This Sunday is Mother's Day (hi Mom!), so I took a math topic that I think is fun and themed it to fit the holiday. The Stable Marriage Problem is the famous mathematical scenario that we chose. Instead of a small village that has 10 women and 10 men who need to be paired in matrimony, we used mothers and the presents that their children picked out for Mother's Day.
So let's imagine that we have 5 mothers and 5 kids that want to put together a party. The children go out and buy five gifts. Now, the kids decide that in order for the moms to be as happy as possible with their gifts, they should give the moms some input in deciding what gift they want.
The moms are able to see each of the five gifts, and rank their choices from first to last. The kids make their rankings as well- each of them picks their own mother first, but then ranks their second to last choice behind them. Our question is this: Is it possible to arrange mothers with gifts so that each pair is stable and every mother and child is as happy as they can be? Then the Gale-Shapely algorithm begins! Make sure you've seen the video to get the idea of how the algorithm works. If you'd prefer a written explanation of the algorithm process, I really like this slideshow by Dr. Emily Riehl of Harvard University.
|The chalkboard after the algorithms were both completed.|
The last thing I did in the video was go through the algorithm again, but with the gifts proposing the possible pairings. When we went through this way, the results were totally different. But, it seems that no Mom is in a position where she can reject her offer for a better one. Therefore, the algorithm (which ended after only one round!) is complete, and stable.

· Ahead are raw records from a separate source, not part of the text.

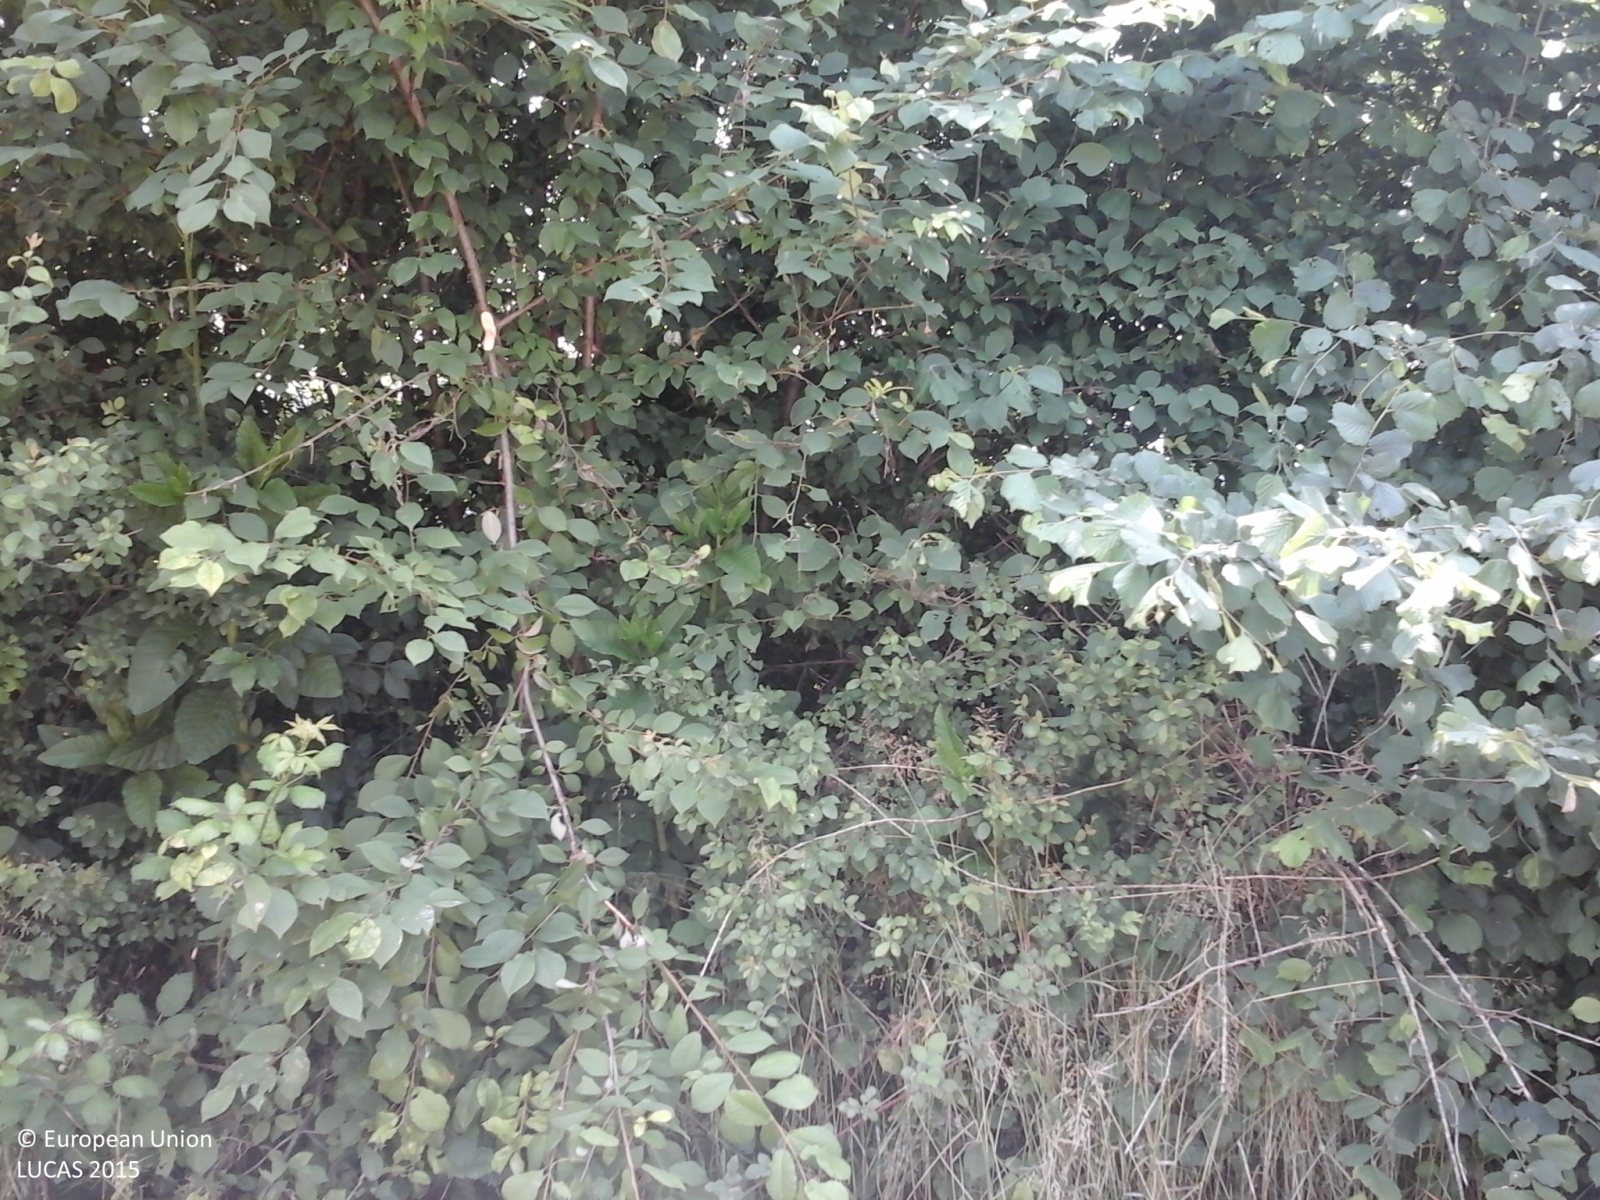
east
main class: Cropland
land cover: Soya
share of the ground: > 75 %
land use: Agriculture (excluding fallow land and kitchen gardens)
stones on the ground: < 10 %
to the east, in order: Soya; Managed hedges; Grassland without tree/shrub cover; Electric lines; Grassland without tree/shrub cover; Managed hedges; Soya; Ditches and canals; Soya
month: May
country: IT
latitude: 45.2460
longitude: 7.7487
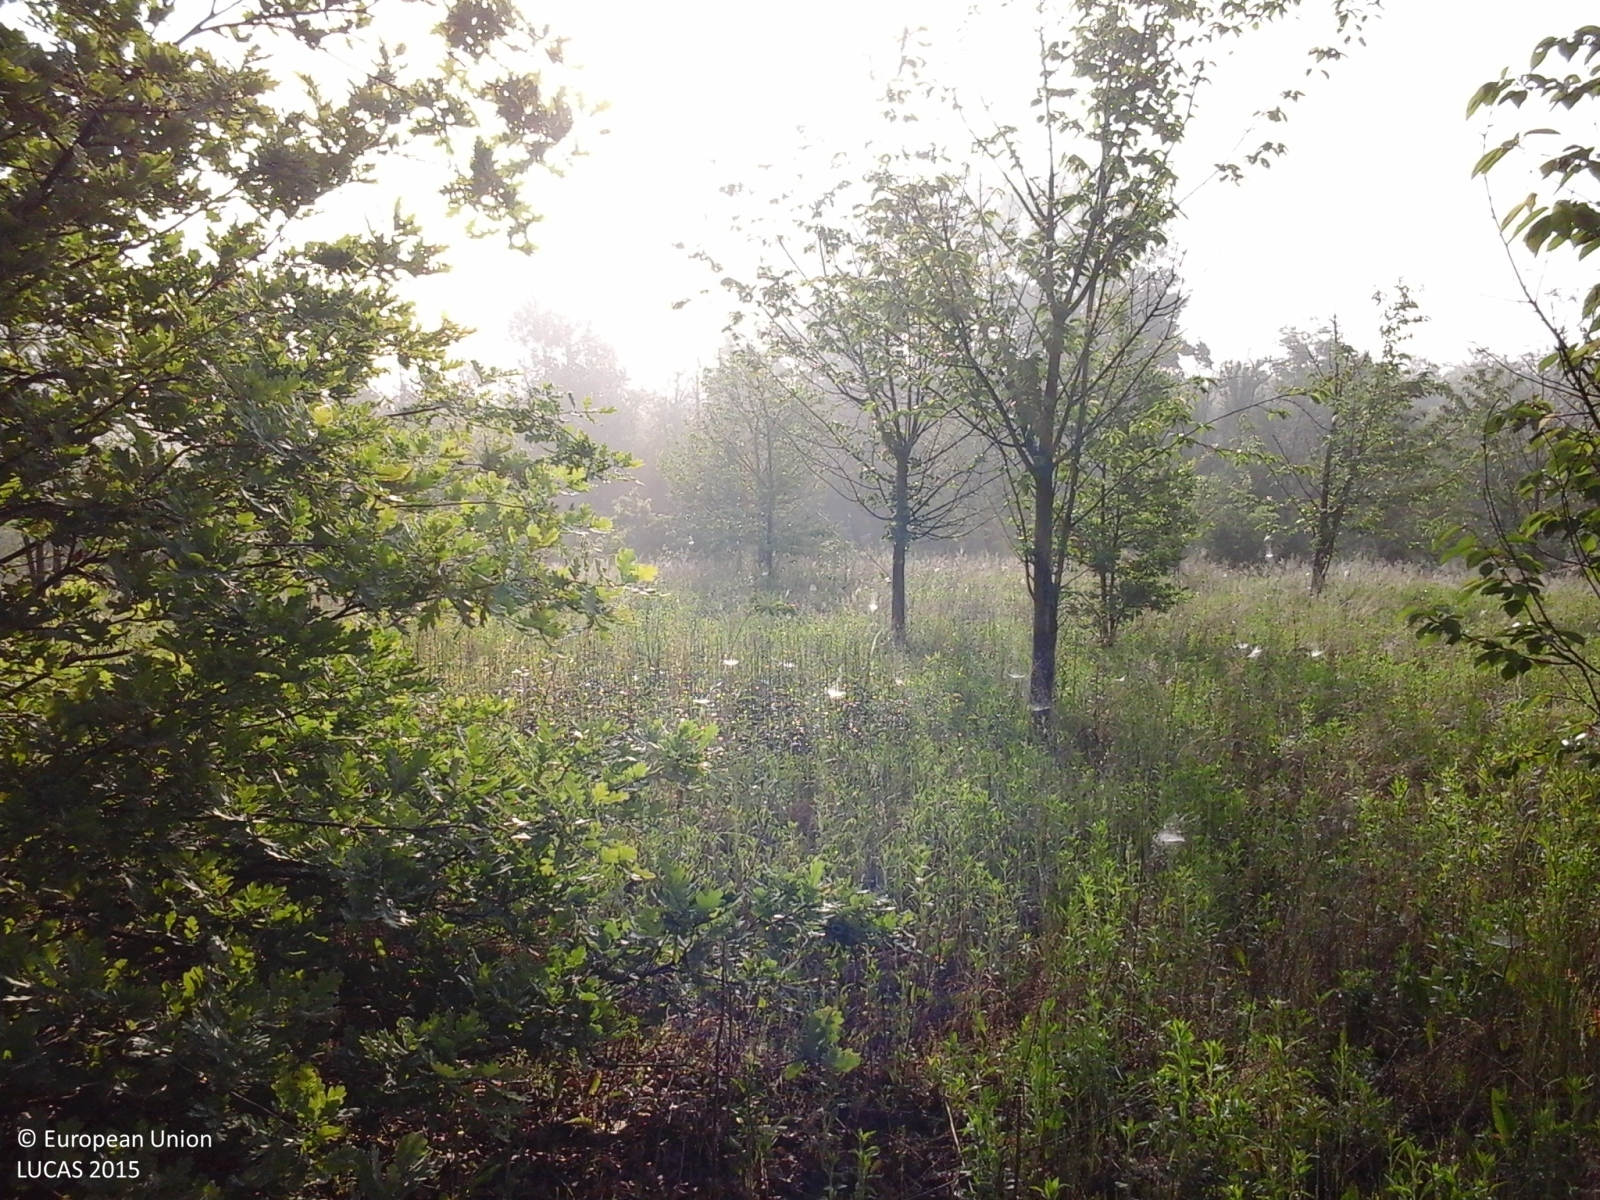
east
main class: Cropland
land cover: Cherry fruit
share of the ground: 10 - 25 %
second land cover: Spontaneously vegetated surfaces
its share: > 75 %
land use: Abandoned areas
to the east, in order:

As I alluded to in the video, there are a couple extremely interesting results of this problem, which I'll describe as a few theorems and their proofs.
Theorem 1: The algoritm arranges stable pairings.

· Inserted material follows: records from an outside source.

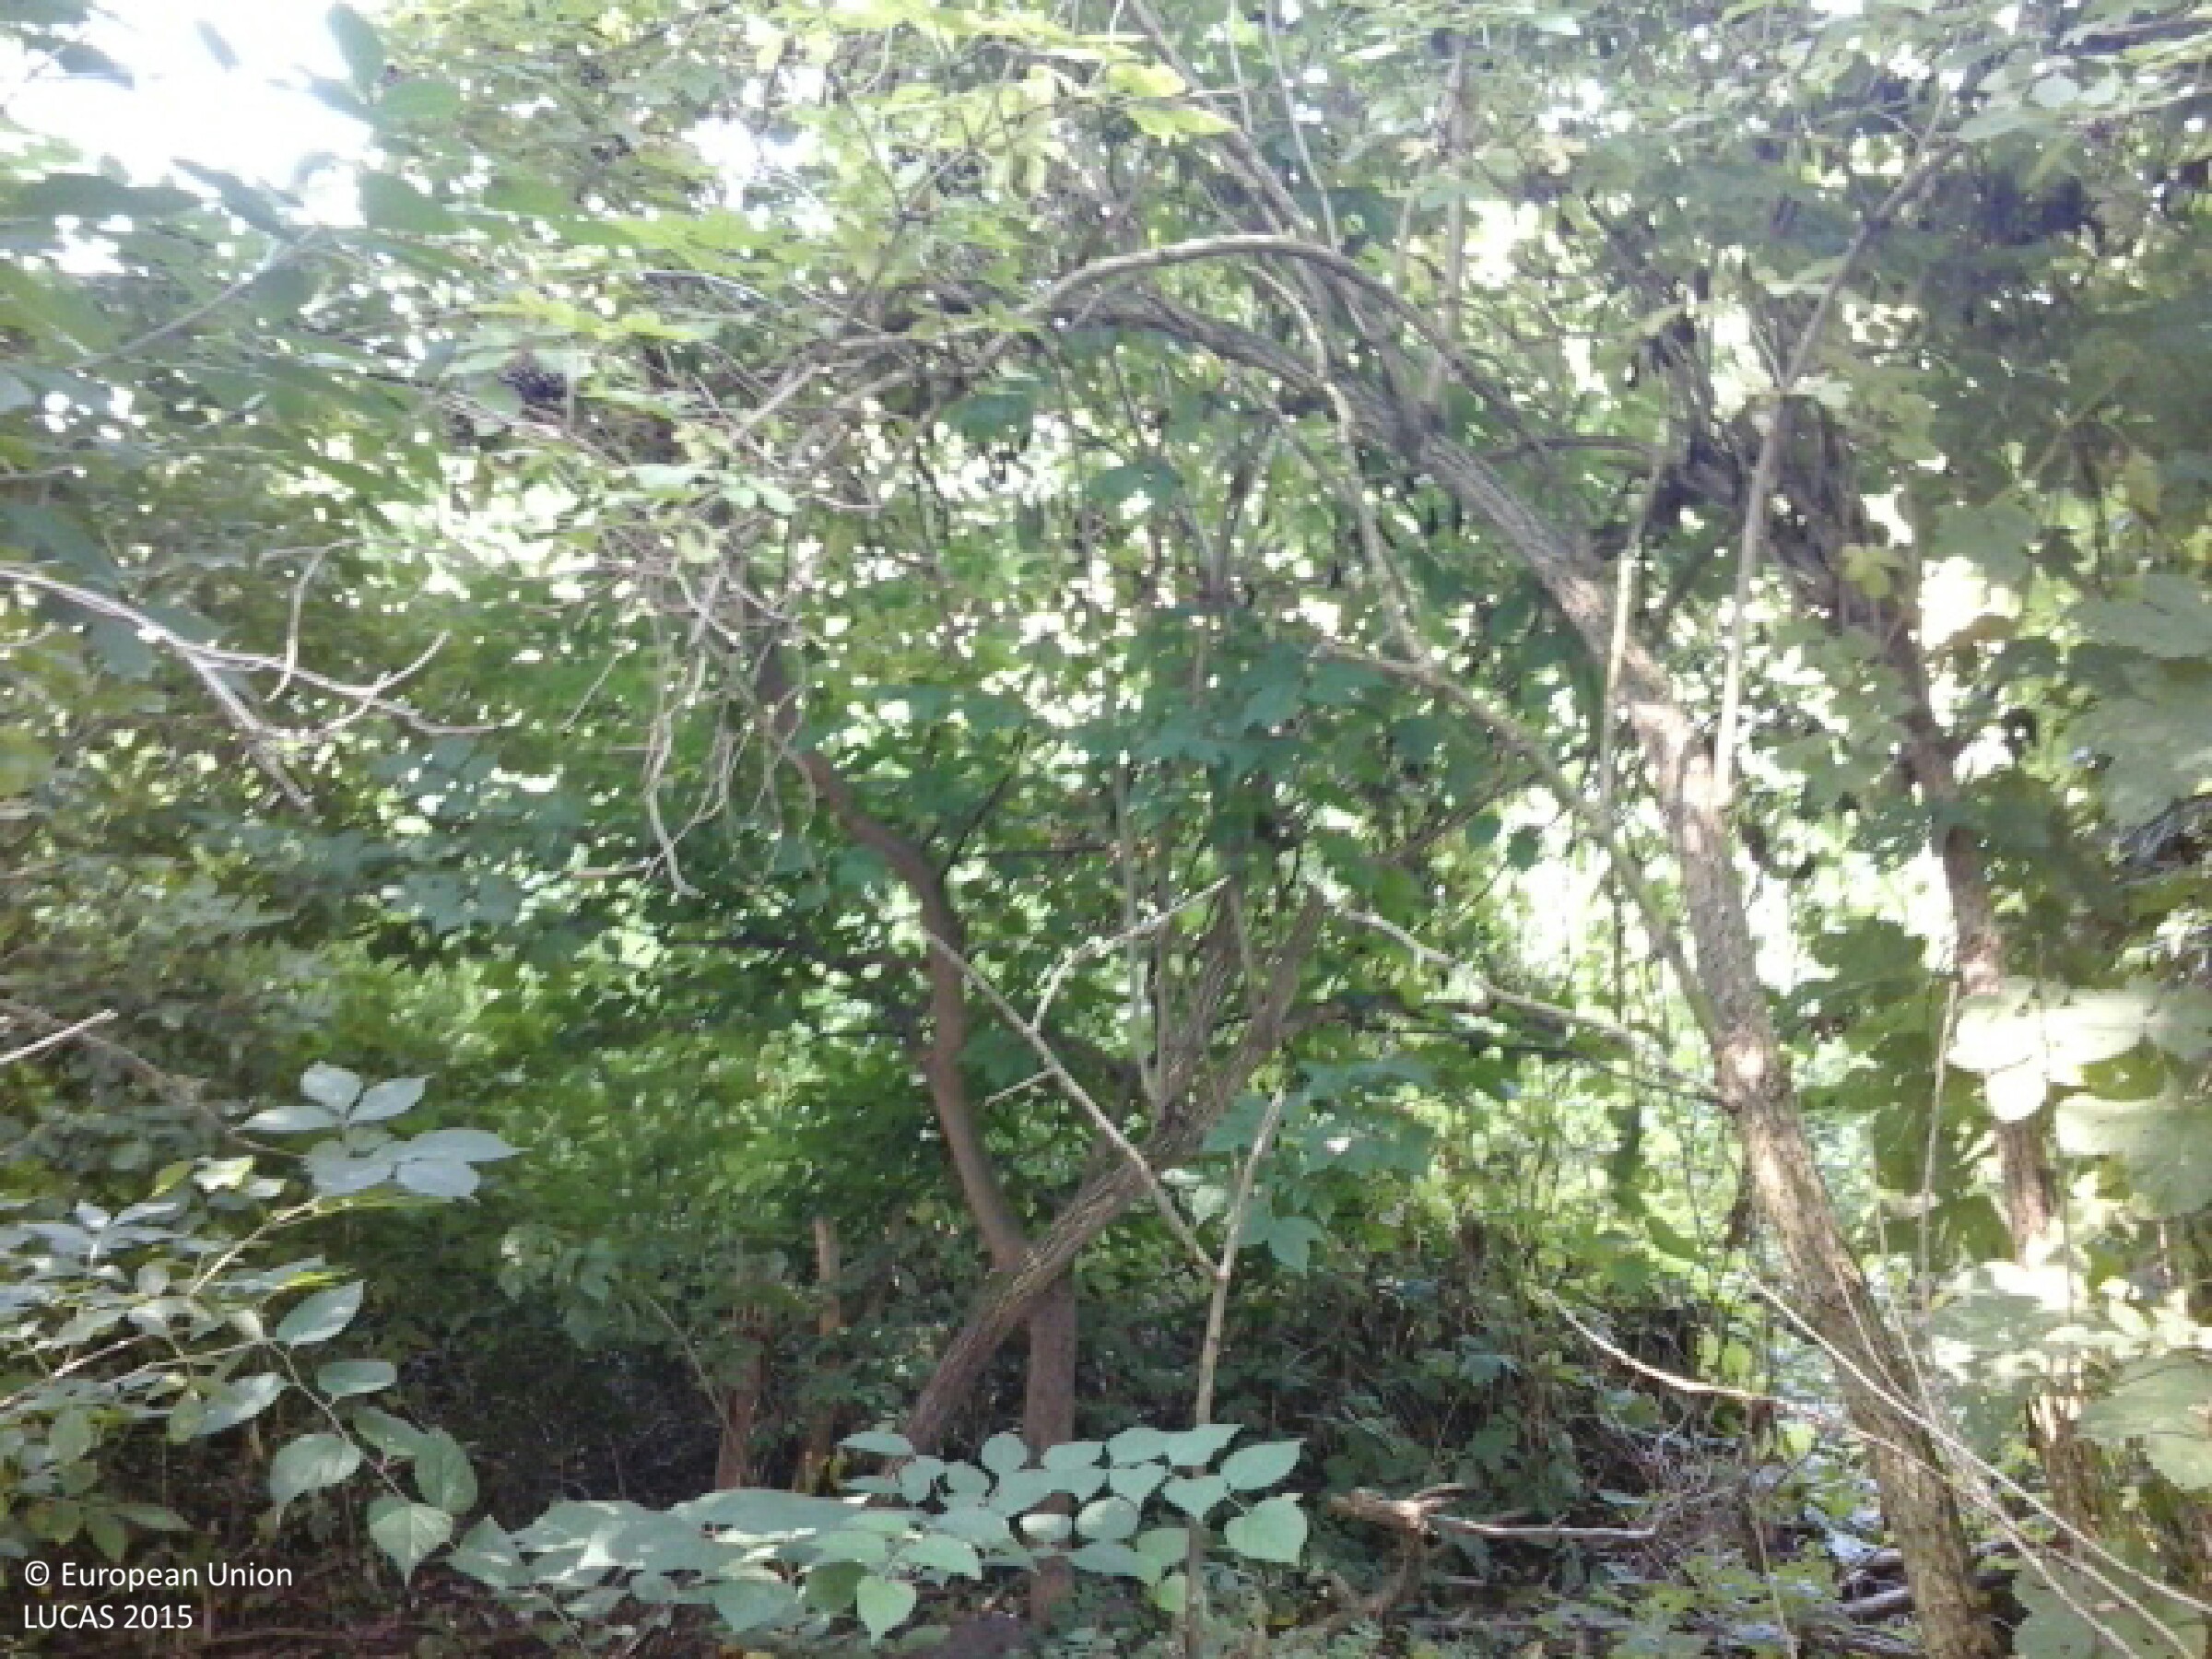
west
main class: Woodland
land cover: Broadleaved woodland
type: mesophytic deciduous forest
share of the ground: > 75 %
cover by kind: broadleaved forest trees 100 %
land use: Semi-natural and natural areas not in use
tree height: > 5 m
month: August
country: HU
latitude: 47.7060
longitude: 18.1285

Proof 1: Each of the kids' gifts that a given woman preferred to her final gift rejected her in favor of a match it preferred.
If a situation arised where a woman preferred a certain gift to one she recieved at the end of the algorithm, we know that she had already been "rejected" by that gift and it went to a mother that the child had ranked higher for that gift. We'll find that whenever the algorithm terminates, we've reached a stable match because nobody can do better than they've already done in this scenario.

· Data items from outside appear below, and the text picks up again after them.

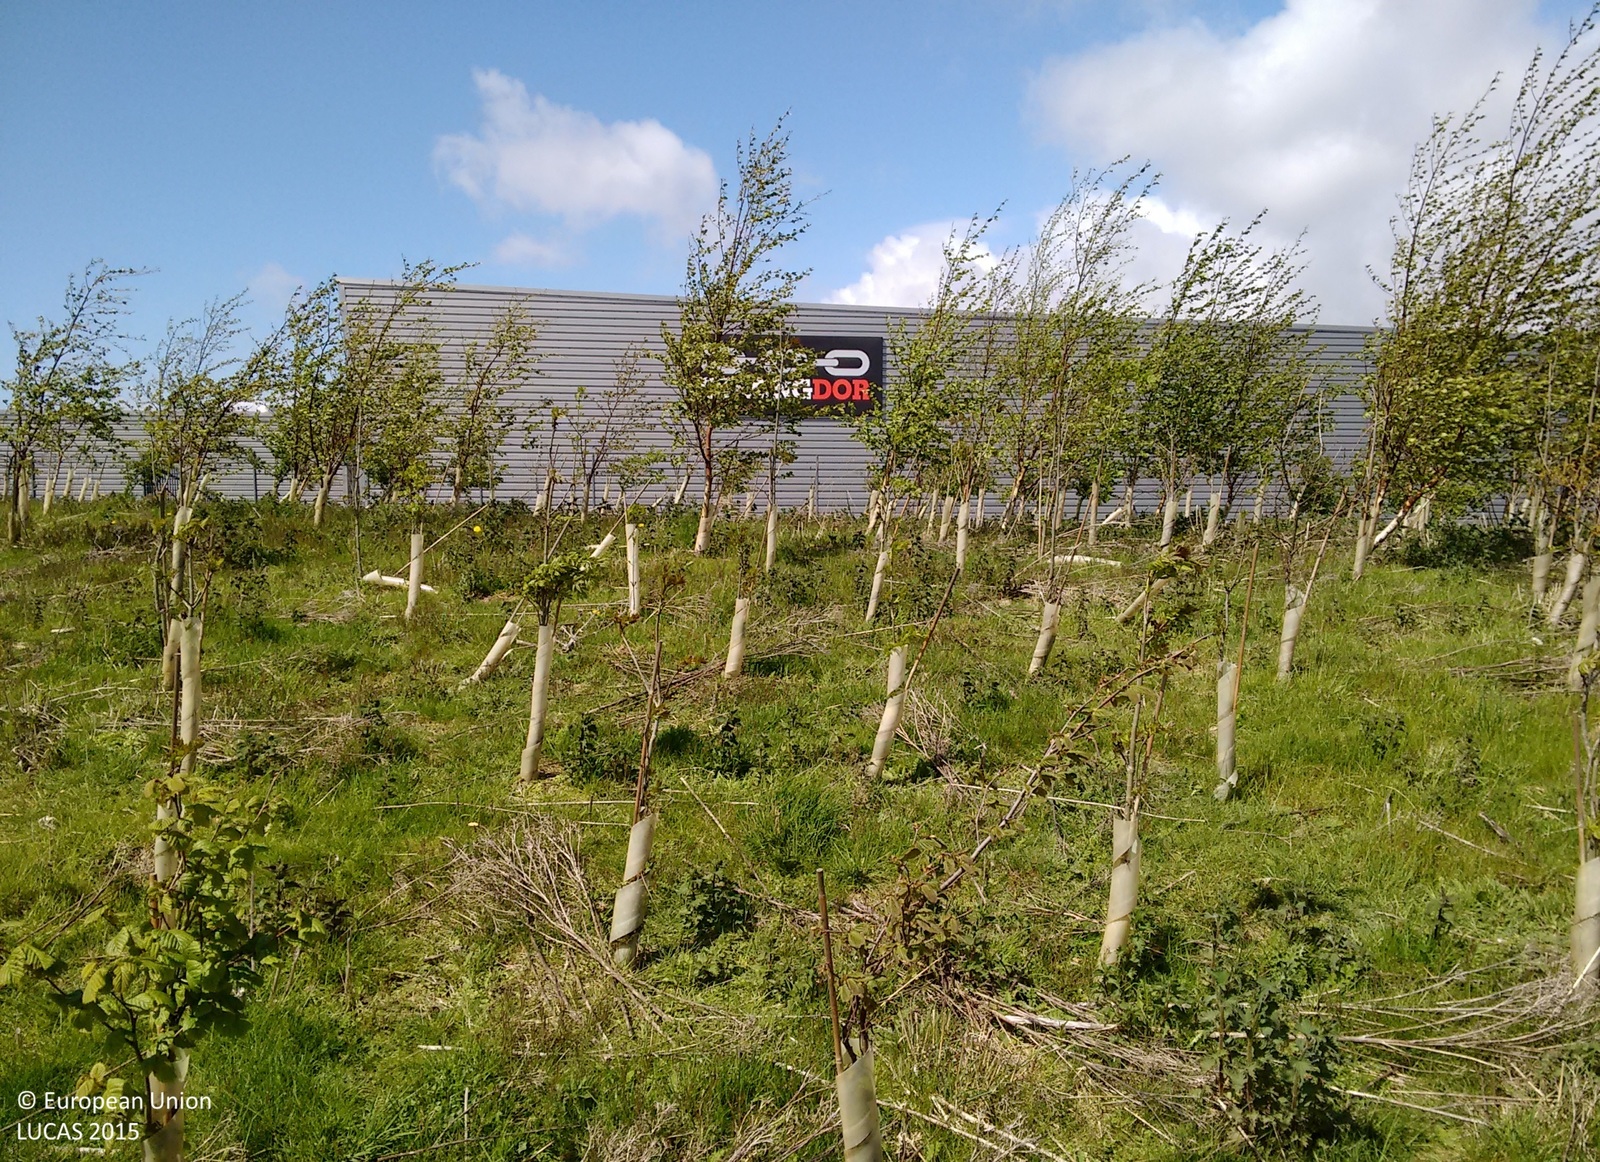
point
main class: Woodland
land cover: Broadleaved woodland
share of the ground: 50 - 75 %
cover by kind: broadleaved forest trees 100 %
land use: Agriculture (excluding fallow land and kitchen gardens)
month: May
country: GB
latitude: 54.1266
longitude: -2.7543

Theorem 2: The algorithm assigns every mother their best possible gift.
This means that in this scenario, no woman could have ended up happier than with the arrangement we ended with.
Proof 2: We can use proof by contradiction to describe this. We'll start by assuming that a woman (Mom 1) was not assigned her best possible gift. Mom 1 must have been the first person rejected by a possible gift (Gift X) that she originally wanted, and so is assigned to the Algorithm Gift.
|Mom 1 preffered Gift X, but is assigned to Algorithm Gift|
Mom 1 prefers Gift X, but does not recieve it. This means that there was another woman, Mom 2, who requested Gift X who was higher on Gift X's list, meaning that Gift X rejected Mom 1.
|Mom 2 is assigned to Gift X instead of Mom 1|
In order for her to not have her best possible gift, there must have been a stable pairing possible that gave Mom 1 Gift X. We already know that Gift X has a priority to be with Mom 2 over Mom 1. A stable pairing between Mom 1 and Gift X is only possible if Mom 2 (Gift X's more ideal pair) is already partnered with another gift. This means that there must be a Gift Y that Mom 2 prefers even to Gift X. But that means that Mom 2 would have already requested Gift Y, who has already rejected her. This is where the contradiction lies. We stated that Mom 1 must have been the first woman rejected by a possible gift match.
|Mom 2 MUST have already been rejected by Gift Y, thus proving the theorem by contradiction|
This is not an easy proof to understand because of the logic and steps that go into it (remember Cheryl's Birthday?), but with some critical thinking it becomes clear.
Theorem 3: The algorithm assigns every gift with its worst possible mother pairing.
This proof I'll leave as an exercise to our readers, though I know solutions exist on the internet. Please leave a comment with your process for Theorem 3! Or, as always, please leave a comment if you have any questions or concerns about the post. I think the most important thing that I've learned from creating this video is that a group of moms might end up a lot happier with a Mother's Day gift if they're allowed input on a group of gifts!